Combination of urinary biomarkers can predict cardiac surgery-associated acute kidney injury: a systematic review and meta-analysis.
Summary
Across 95 studies, individual urinary biomarkers measured intraoperatively or early postoperatively showed acceptable discrimination for cardiac surgery–associated AKI. Combining biomarkers improved accuracy, achieving AUCs up to 0.85 for severe AKI, supporting multimarker strategies and integration into clinical prediction models.
Key Findings
- Systematic review/meta-analysis of 95 studies assessing urinary biomarkers for CS-AKI prediction.
- Individual biomarkers measured intraoperatively/early postoperatively showed acceptable AUCs (~0.73–0.75 for all AKI; ~0.74 for severe AKI).
- Combining urinary biomarkers increased discrimination (AUC 0.82 for all AKI; 0.85 for severe AKI).
Clinical Implications
Adopting combined urinary biomarker panels (e.g., integrating complementary pathways) during and after cardiac surgery may allow earlier identification of high-risk patients and timely implementation of renal-protective bundles.
Why It Matters
Provides high-level evidence that combining urinary biomarkers enhances risk prediction for CS-AKI, informing perioperative monitoring and early nephroprotective strategies.
Limitations
- Heterogeneity across biomarker assays, timing, and AKI definitions may affect pooled estimates.

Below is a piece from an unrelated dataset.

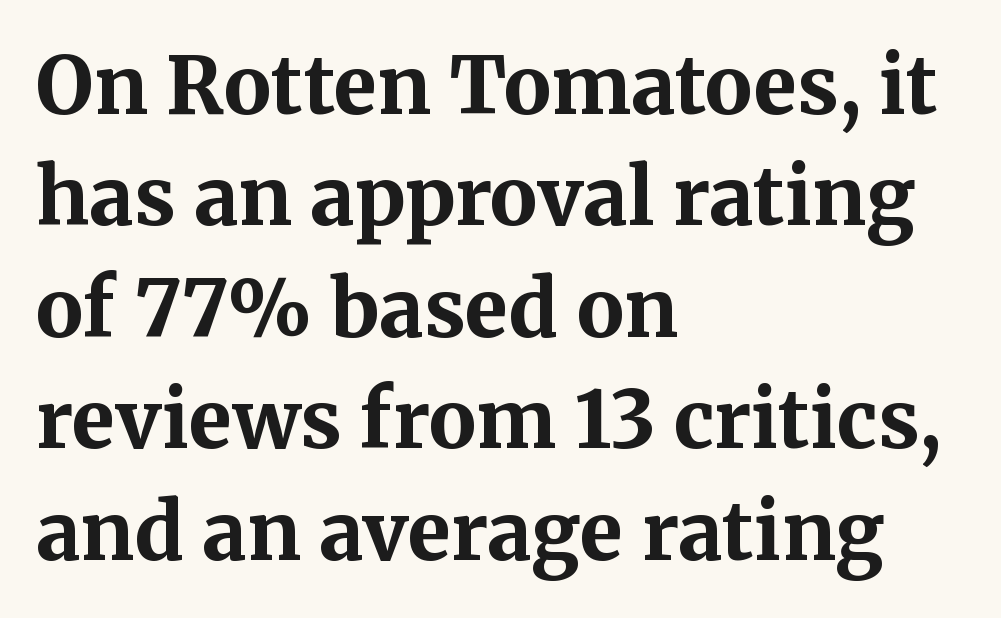
The image shows 79 px bold serif type, upright; set left-aligned, normal line spacing (1.41x), normal letter spacing, not underlined; medium stroke contrast and a medium x-height.

- Diagnostic accuracy studies are subject to spectrum bias and variable reference standards.
Future Directions
Prospective multicenter validation of standardized multimarker panels and integration into dynamic clinical prediction tools to trigger targeted nephroprotection.
Study Information
- Study Type
- Systematic Review/Meta-analysis
- Research Domain
- Diagnosis
- Evidence Level
- I - Systematic review and meta-analysis of clinical studies of diagnostic accuracy.